These days, to judge by television, Las Vegas is a clean and wholesome place, characterized by huge swimming pools, family entertainment, and the occasional poker tournament where celebrities get drunk and win money for charity. Sure, people get killed on CSI, but they're almost always brought to justice by Gil Grissom's Photogenic Posse. In this environment, it's good that Mark Burnett has brought The Casino to Fox, because it reminds us all just how sleazy and unpleasant Las Vegas can be.

Don't get me wrong. I love Las Vegas. But there's no denying that even with its attempts to spruce up the place, there's an underlying current of debauchery. And not the fun kind, either. The Casino embraces this and is not afraid to wallow in it. The result, as you might expect, is not particularly enjoyable to watch. But I'm convinced that's not the point.

Allegedly a "reality" show (but I'll talk about that later), The Casino features two guys named Tom and Tim who have bought the Golden Nugget, one of the less interesting casinos in Vegas. It's not even on the strip; it's in that shadowy netherworld known as "Downtown Las Vegas," which I always find to be a disconcerting place to go. On the strip, all you ever see are emblems of tourist-related industries, like cabs and prostitutes. But downtown there are real people going about their daily lives. It's like going to Disneyland and seeing Mickey taking out the trash; it ruins the illusion. But apparently none of the good hotels (or even Circus Circus) was within Tom and Tim's price range, so the Golden Nugget it is.

So far, the theme of the shows has been that Casino Owners Will Do Anything For Rich Idiots. They're always running after morons who look like they're about to lose hundreds of thousands of dollars by not really knowing how to play blackjack. And since that's what happens, I guess I can't call Tim and Tom idiots. I can, however, point out that they're constantly debasing themselves in front of self-styled "moguls" with zebra-print coats, begging them to lose their ostentatiously-flashed wads of cash there instead of at the Mandalay Bay. It doesn't seem like a way of life that would promote a healthy self-image.

Another theme of the show is that Sex Is Disgusting. Maybe it's just Vegas Sex they're talking about, but when you've got a man, his wife, and their girlfriend out trolling the casinos for couples to add to their sex party, it's amazing how uncomfortable and weird a simple orgy can look. And that's not even mentioning the frat boys who peer-pressured their probably-gay pal into licking whipped cream off a hooker. Or the "professional gambler" who took a transvestite back to his room and probably didn't realize she was a man.

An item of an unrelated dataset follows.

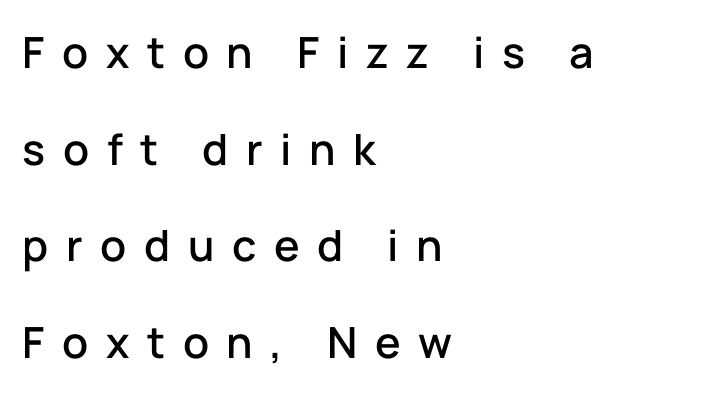
{"serif": "no", "italic": "no", "width": "normal", "stroke_contrast": "low", "x_height": "medium", "monospaced": "no", "underline": "no", "align": "left", "line_spacing": "loose", "line_spacing_ratio": 2.25, "letter_spacing": "wide", "letter_spacing_em": 0.41, "glyph_px": 43}

At this point, you're probably wondering why I'm putting so many things in sarcastic quotes. I've given the punctuational stink-eye to "reality", "mogul", and "professional gambler", and that's only because I've been restraining myself. See, although The Casino is billed as a reality show, every scene is very obviously staged. I wouldn't go so far as to say it's "scripted" (because that would imply that someone sat down and wrote this terribly unconvincing dialogue) but there is not a single scene where it isn't obvious that a PA told the terrible lounge singer what to say or where Tom and Tim have been coached on what this episode's Manufactured Conflict is.

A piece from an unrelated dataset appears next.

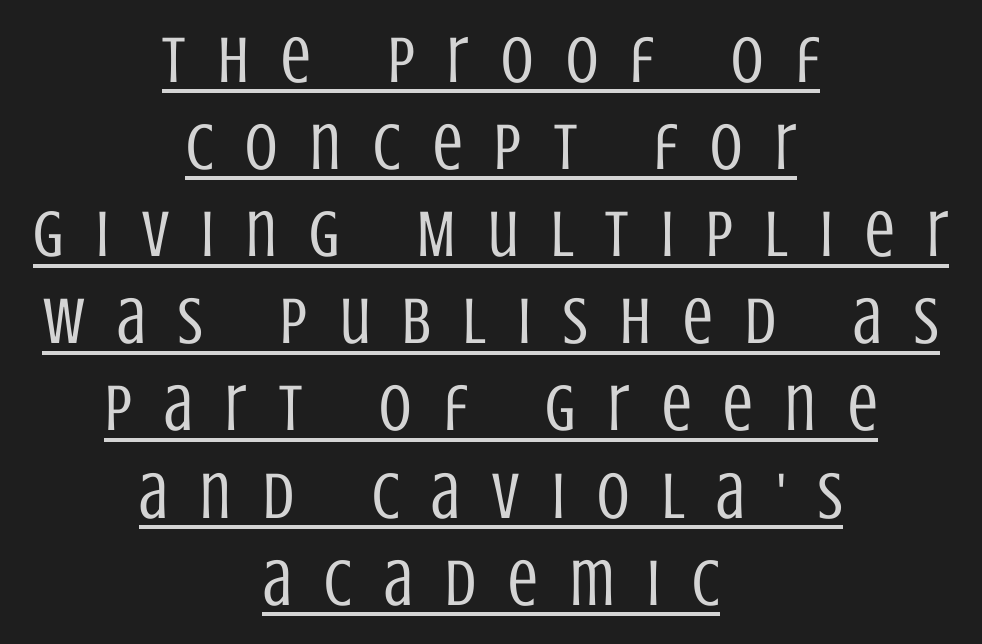
Ink coverage per letter is moderate at most. Has an underline been added? It has. Regarding leading, the lines here are spaced in the standard way. Typographically, this falls in the sans-serif category. Italic? Not at all — the glyphs are vertical. Do the characters align in a grid? No, the font is proportional.

So, you might be asking, given that it's a terribly-made show, full of unpleasant and unconvincing people, is it worth watching? Well, I don't know. The only fun part of it is if you can find someone else who watches it so you can talk about how weird a show it is. But if there's no one saying "I know! And what's with the opening credit sequence, huh? What is that supposed to be?" then you're just sitting there fidgeting and hoping that someone makes it out of the show with their souls intact. It's probably a moot point, because I can't picture this atrocity lasting more than two or three more episodes. You might want to watch it once just so you can tell your grandchildren about the time you knew civilization was doomed.